If sql_dtypes is provided then these SQLAlchemy types (one of Boolean, DateTime, Float, Integer, Text, or postgresql JSON) will be used for the columns and no type inference will be performed. You cannot pass both dtypes and sql_dtypes.
- Parameters:
- df:
The DataFrame to be written to the PostgreSQL table. Can be either a pandas or Polars DataFrame.
- engine:
SQLAlchemy engine object to connect to the PostgreSQL database.
- table_name:
The name of the PostgreSQL table to write the DataFrame to.
- dtypes:
Optional dictionary mapping column names (including primary key columns) to SQLAlchemy types. If not provided for a given column, the type is inferred.
- sql_dtypes:
Optional dictionary mapping column names to SQLAlchemy types. If provided, these types (which should be one of Boolean, DateTime, Float, Integer, Text, or postgresql JSON) will be used for the columns without inferring. Cannot be passed alongside dtypes.
- write_method:
- One of the following options (default is ‘upsert’):
‘insert’: Insert rows; if the primary key(s) already exist, skip that row.
- ‘replace’: Insert rows; if the primary key(s) already exist, update every
non-key column with the new value.
- ‘upsert’: Insert rows; if the primary key(s) already exist, update only those
non-key columns whose new value is not null.
- chunksize:
Either None, a positive integer, or the string “auto”. If provided, the data will be processed in chunks.
- index:
Optional parameter specifying the primary key column(s).

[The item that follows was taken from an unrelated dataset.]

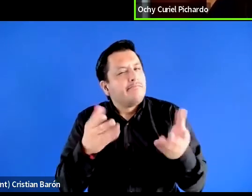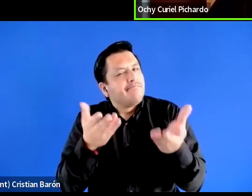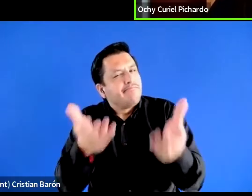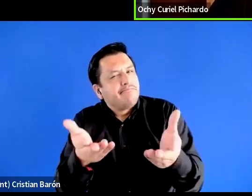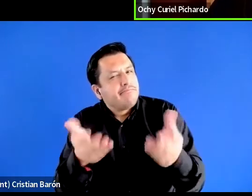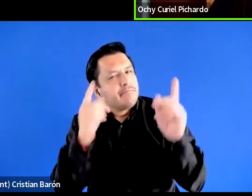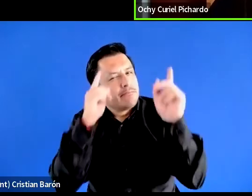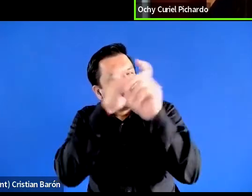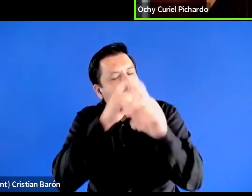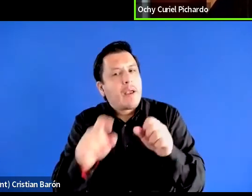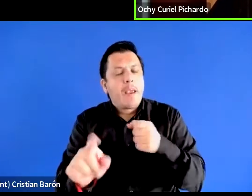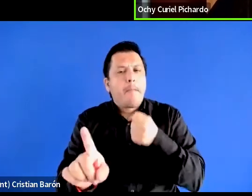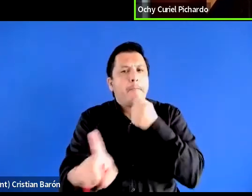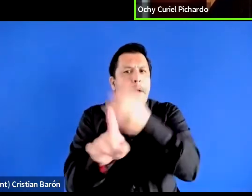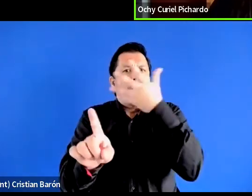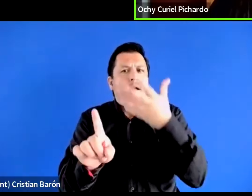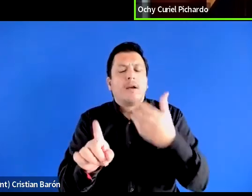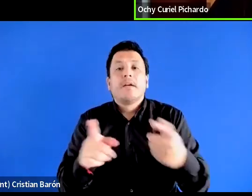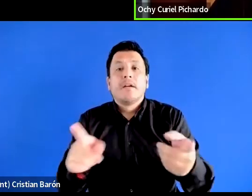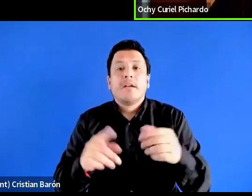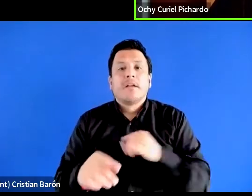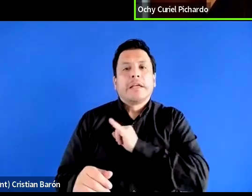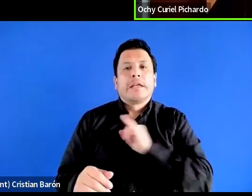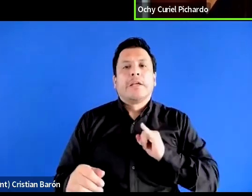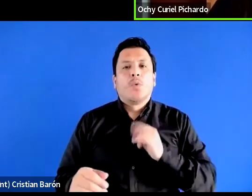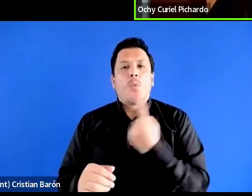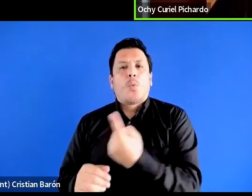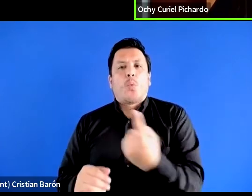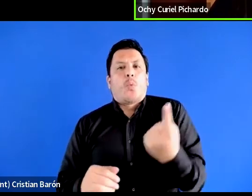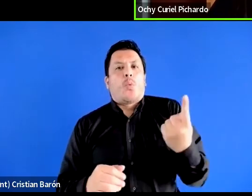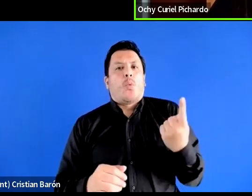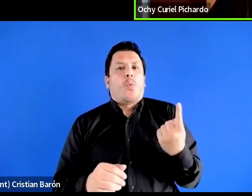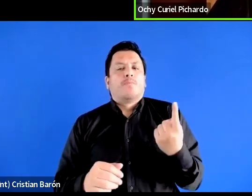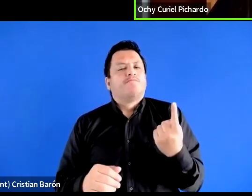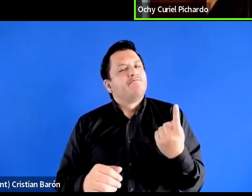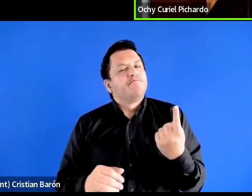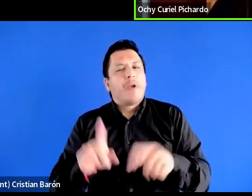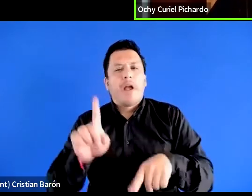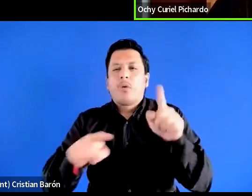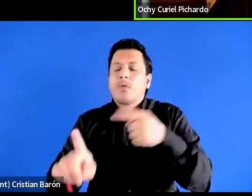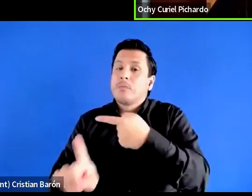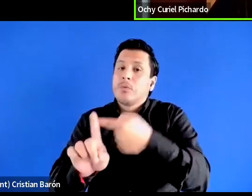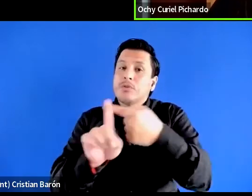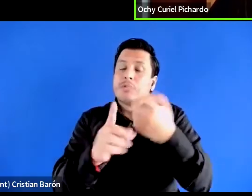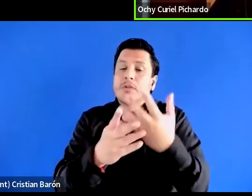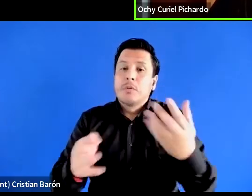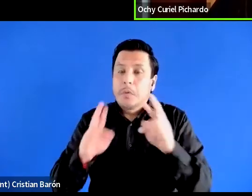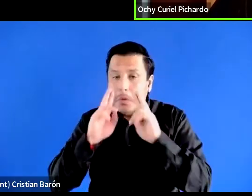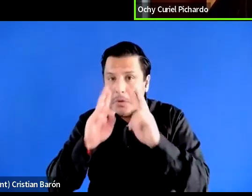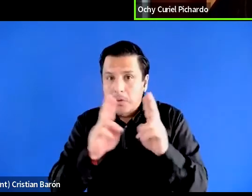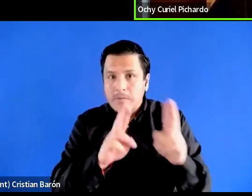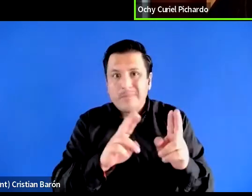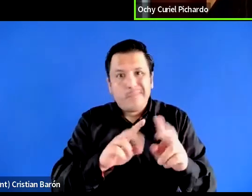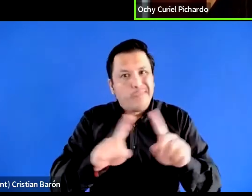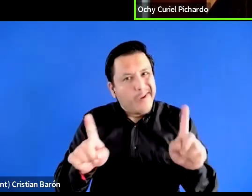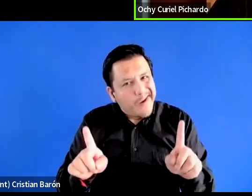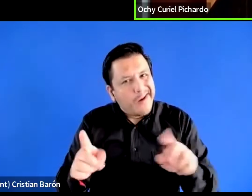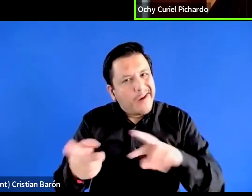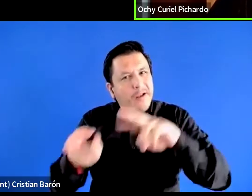impactos que ha tenido este multiculturalismo, que podrían ser algunos positivos en términos de reconocimiento, pero que a la vez

For pandas DataFrames, if not provided, the DataFrame’s index (or MultiIndex) is used. For Polars DataFrames, this parameter is required.
- clean_column_names:
If True, the DataFrame’s column names will be cleaned using pyjanitors’ clean_names method and the resulting column names will be returned in the WriteResult object.
- case_type:
The case type to pass to pyjanitors’ clean_names method (default is “snake”).
- truncate_limit:
The truncate limit to pass to pyjanitors clean_names method (default is 55).
- yield_chunks:
If True, yields each chunk as it is written to the database and returns, via the generator’s return value, a WriteResult (if clean_column_names=True) or the number of non-primary key columns updated. Otherwise, the function executes all chunks and, if clean_column_names is True, returns a WriteResult object; if False, returns None.
- progress_bar:
If True, displays a progress bar for the operation. This is only applicable if
- Returns:
If yield_chunks is True, yields each chunk (as a list of dicts) and finally returns a WriteResult (if clean_column_names=True) or an int representing the updated columns count.
If yield_chunks is False and clean_column_names is True, returns a WriteResult object with the updated_columns_count and the cleaned column names (accessible via .columns).
Otherwise, returns None.
- Raises:
- ValueError: If write_method is invalid, if chunksize is invalid, if a Polars
DataFrame is passed without specifying the index parameter, if column cleaning is requested but not supported, or if both dtypes and sql_dtypes are provided.